How often a woman has a migraine may play a role in
determining her risk for strokes and heart attacks.

Medical evidence has long supported a link between migraines and vascular
problems, including strokes, but information regarding migraine frequency and
such events has been lacking. 

New research presented this week at the American Academy of Neurology's 60th
Anniversary Annual Meeting in Chicago suggests that women who have weekly
migraines have a significantly higher risk for stroke than those who get the headaches less frequently. Those who have infrequent
migraines may be more likely to have a heart
attack .

The findings are based on the Women's Health Study, which involved 27,798
women health professionals 45 years and older who did not have cardiovascular
disease at the beginning of the study. Cholesterol levels and details about migraine frequency
were obtained when the study began.

Researchers grouped migraine frequency into three categories: less than
monthly, monthly, or one or more a week. Sixty-five percent said they had a
migraine less than once a month, 30% had a monthly migraine, and 5% had
migraines at least once a week.

The researchers included Tobias Kurth, MD, ScD, of Brigham and Women's
Hospital and Harvard Medical School in Boston.

Kurth's team followed the women for 12 years, documenting the number of
cardiovascular events. The following occurred during the study

  • 305 heart attacks

  • 310 ischemic strokes

  • 706 cardiovascular events

Women experiencing frequent migraines were at highest risk:

  • Women who had migraines once per week or more were nearly three times more
    likely to have an ischemic stroke and one and a half times more likely to
    experience a heart attack as women without migraines.

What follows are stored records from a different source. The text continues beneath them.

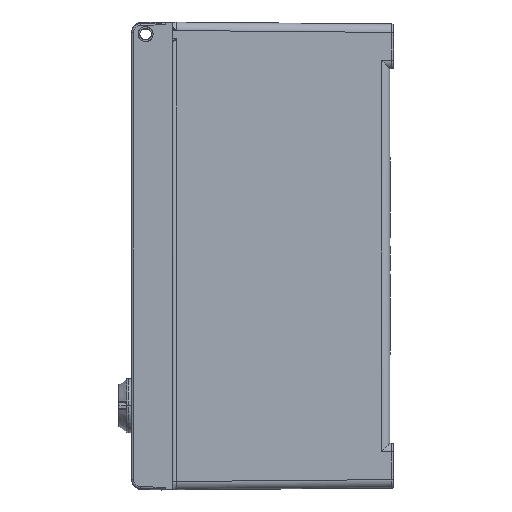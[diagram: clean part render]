
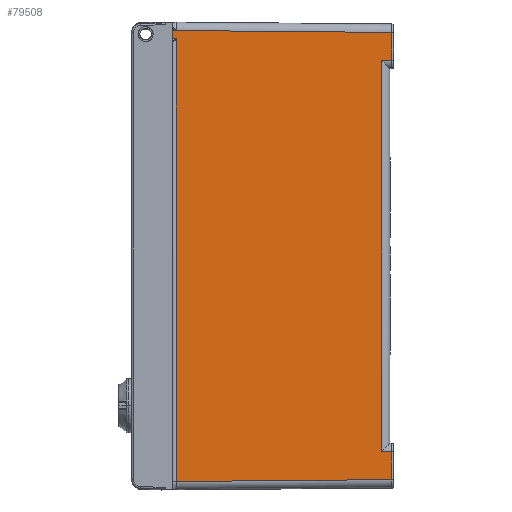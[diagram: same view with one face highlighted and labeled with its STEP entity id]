
A CAD part, left-side view. The second image highlights one B-rep face of the part: STEP entity #79508.
In plain terms, the highlighted planar face has unit normal (-1, -0.018, 0).
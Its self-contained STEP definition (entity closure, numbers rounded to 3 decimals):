
#2444=CARTESIAN_POINT('',(-136.587,-1.017,
104.509));
#2481=CARTESIAN_POINT('',(-136.682,4.421,104.414));
#2493=DIRECTION('',(0.,0.,1.));
#2494=VECTOR('',#2493,208.828);
#2495=CARTESIAN_POINT('',(-136.682,4.421,
-104.414));
#2496=LINE('',#2495,#2494);
#2507=CARTESIAN_POINT('',(-136.587,-1.017,
-104.509));
#2512=CARTESIAN_POINT('',(-136.682,4.421,
-104.414));
#28921=CARTESIAN_POINT('',(-138.596,114.037,
120.448));
#28940=CARTESIAN_POINT('',(-136.587,-1.017,
119.444));
#28960=DIRECTION('',(0.,0.,1.));
#28961=VECTOR('',#28960,14.936);
#28962=CARTESIAN_POINT('',(-136.587,-1.017,
104.509));
#28963=LINE('',#28962,#28961);
#28975=DIRECTION('',(0.,0.001,1.));
#28976=VECTOR('',#28975,4.147);
#28977=CARTESIAN_POINT('',(-138.761,123.505,
116.136));
#28978=LINE('',#28977,#28976);
#28982=DIRECTION('',(0.017,-1.,0.017));
#28983=VECTOR('',#28982,9.475);
#28984=CARTESIAN_POINT('',(-138.761,123.508,
120.283));
#28985=LINE('',#28984,#28983);
#28989=DIRECTION('',(0.017,-1.,-0.009));
#28990=VECTOR('',#28989,115.076);
#28991=CARTESIAN_POINT('',(-138.596,114.037,
120.448));
#28992=LINE('',#28991,#28990);
#28996=DIRECTION('',(-0.017,1.,-0.017));
#28997=VECTOR('',#28996,5.441);
#28998=CARTESIAN_POINT('',(-136.587,-1.017,
104.509));
#28999=LINE('',#28998,#28997);
#29003=DIRECTION('',(0.017,-1.,-0.017));
#29004=VECTOR('',#29003,5.441);
#29005=CARTESIAN_POINT('',(-136.682,4.421,
-104.414));
#29006=LINE('',#29005,#29004);
#29010=DIRECTION('',(-0.017,1.,-0.009));
#29011=VECTOR('',#29010,115.074);
#29012=CARTESIAN_POINT('',(-136.587,-1.017,
-119.444));
#29013=LINE('',#29012,#29011);
#29017=DIRECTION('',(-0.017,1.,0.017));
#29018=VECTOR('',#29017,9.473);
#29019=CARTESIAN_POINT('',(-138.596,114.035,
115.971));
#29020=LINE('',#29019,#29018);
#29051=DIRECTION('',(0.,0.,1.));
#29052=VECTOR('',#29051,14.936);
#29053=CARTESIAN_POINT('',(-136.587,-1.017,
-119.444));
#29054=LINE('',#29053,#29052);
#29066=CARTESIAN_POINT('',(-136.587,-1.017,
-119.444));
#29151=DIRECTION('',(0.,0.,-1.));
#29152=VECTOR('',#29151,236.419);
#29153=CARTESIAN_POINT('',(-138.596,114.035,
115.971));
#29154=LINE('',#29153,#29152);
#34597=VERTEX_POINT('',#2444);
#34604=VERTEX_POINT('',#2481);
#34605=VERTEX_POINT('',#2512);
#34607=VERTEX_POINT('',#2507);
#34663=VERTEX_POINT('',#29066);
#37638=CARTESIAN_POINT('',(-138.761,123.507,
116.136));
#37639=VERTEX_POINT('',#37638);
#37641=CARTESIAN_POINT('',(-138.761,123.509,
120.283));
#37642=VERTEX_POINT('',#37641);
#37650=VERTEX_POINT('',#28921);
#37651=VERTEX_POINT('',#28940);
#37652=CARTESIAN_POINT('',(-138.596,114.035,
-120.448));
#37653=VERTEX_POINT('',#37652);
#37654=CARTESIAN_POINT('',(-138.596,114.035,
115.971));
#37655=VERTEX_POINT('',#37654);
#79485=CARTESIAN_POINT('',(-138.63,116.,-129.97));
#79486=DIRECTION('',(-1.,-0.017,0.));
#79487=DIRECTION('',(0.,0.,-1.));
#79488=AXIS2_PLACEMENT_3D('',#79485,#79486,#79487);
#79489=PLANE('',#79488);
#79490=ORIENTED_EDGE('',*,*,#79082,.T.);
#79492=ORIENTED_EDGE('',*,*,#79491,.T.);
#79493=ORIENTED_EDGE('',*,*,#79433,.T.);
#79494=ORIENTED_EDGE('',*,*,#79472,.F.);
#79495=ORIENTED_EDGE('',*,*,#39444,.T.);
#79496=ORIENTED_EDGE('',*,*,#39464,.F.);
#79497=ORIENTED_EDGE('',*,*,#39484,.T.);
#79499=ORIENTED_EDGE('',*,*,#79498,.F.);
#79501=ORIENTED_EDGE('',*,*,#79500,.T.);
#79503=ORIENTED_EDGE('',*,*,#79502,.F.);
#79505=ORIENTED_EDGE('',*,*,#79504,.T.);
#79506=EDGE_LOOP('',(#79490,#79492,#79493,#79494,#79495,#79496,#79497,#79499,
#79501,#79503,#79505));
#79507=FACE_OUTER_BOUND('',#79506,.F.);
#39444=EDGE_CURVE('',#34597,#34604,#28999,.T.);
#39464=EDGE_CURVE('',#34605,#34604,#2496,.T.);
#39484=EDGE_CURVE('',#34605,#34607,#29006,.T.);
#79082=EDGE_CURVE('',#37639,#37642,#28978,.T.);
#79433=EDGE_CURVE('',#37650,#37651,#28992,.T.);
#79472=EDGE_CURVE('',#34597,#37651,#28963,.T.);
#79491=EDGE_CURVE('',#37642,#37650,#28985,.T.);
#79498=EDGE_CURVE('',#34663,#34607,#29054,.T.);
#79500=EDGE_CURVE('',#34663,#37653,#29013,.T.);
#79502=EDGE_CURVE('',#37655,#37653,#29154,.T.);
#79504=EDGE_CURVE('',#37655,#37639,#29020,.T.);
#79508=ADVANCED_FACE('',(#79507),#79489,.T.);
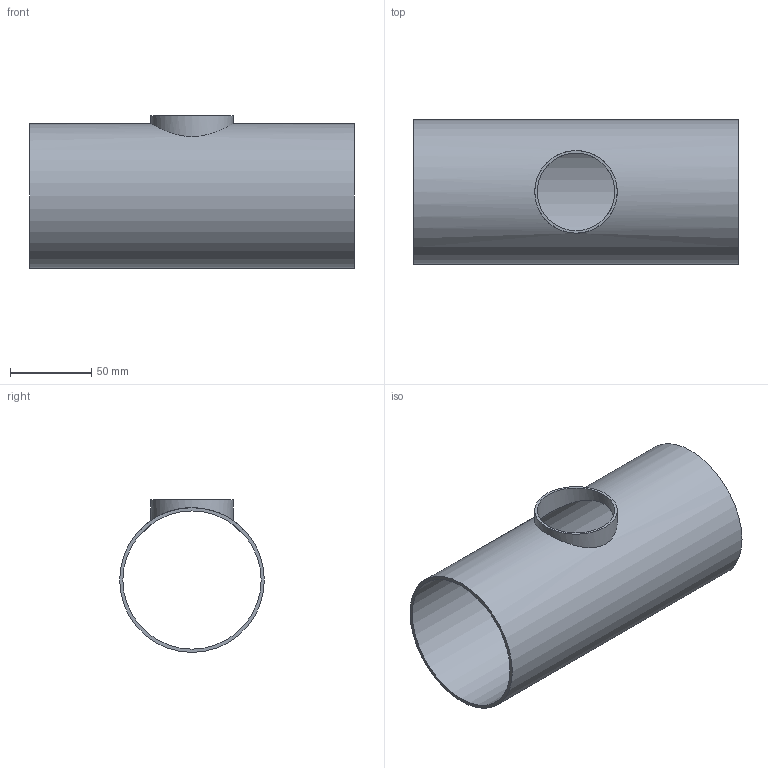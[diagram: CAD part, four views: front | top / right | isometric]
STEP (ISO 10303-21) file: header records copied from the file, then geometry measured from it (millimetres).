
FILE_DESCRIPTION(/* description */ (''),/* implementation_level */ '2;1');
FILE_NAME(/* name */ 'T-8 35×20.stp',/* time_stamp */ '2022-04-28T09:37:18+09:00',/* author */ ('3dcad-eng'),/* organization */ (''),/* preprocessor_version */ 'ST-DEVELOPER v18.1',/* originating_system */ 'Autodesk Inventor 2022',/* authorisation */ '');
FILE_SCHEMA (('AUTOMOTIVE_DESIGN { 1 0 10303 214 3 1 1 }'));
Length unit declared in the file: millimetre
Products named in the file (1): T-8 35×20
Bounding box: 200 x 89.1 x 94.05 mm (x, y, z)
Volume: 107705.5 mm3; surface area: 109774.1 mm2
Topology: 1 solids, 1 shells, 7 faces, 14 edges, 10 vertices
Faces by surface type: cylinder 4, plane 3
Full cylindrical faces by diameter (mm): 47.8 x1, 50.8 x1, 85.1 x1, 89.1 x1
Entity records: 363 total; most frequent: CARTESIAN_POINT 164, DIRECTION 32, ORIENTED_EDGE 28, EDGE_CURVE 14, AXIS2_PLACEMENT_3D 14, EDGE_LOOP 12, VERTEX_POINT 10, FACE_OUTER_BOUND 7

  • Women who had infrequent migraines (less than one a month) were one and a
    half times more likely to have a heart attack or stroke. 

  • Women with monthly migraines were not at increased risk.

"Our results may indicate that the mechanisms by which migraine
associates with specific cardiovascular events may differ," Kurth says in a
news release. "Future studies are needed to address whether migraine
prevention reduces the risk of cardiovascular disease."

According to the U.S. Department of Health and Human Services, about three
out of four people who get migraines are women.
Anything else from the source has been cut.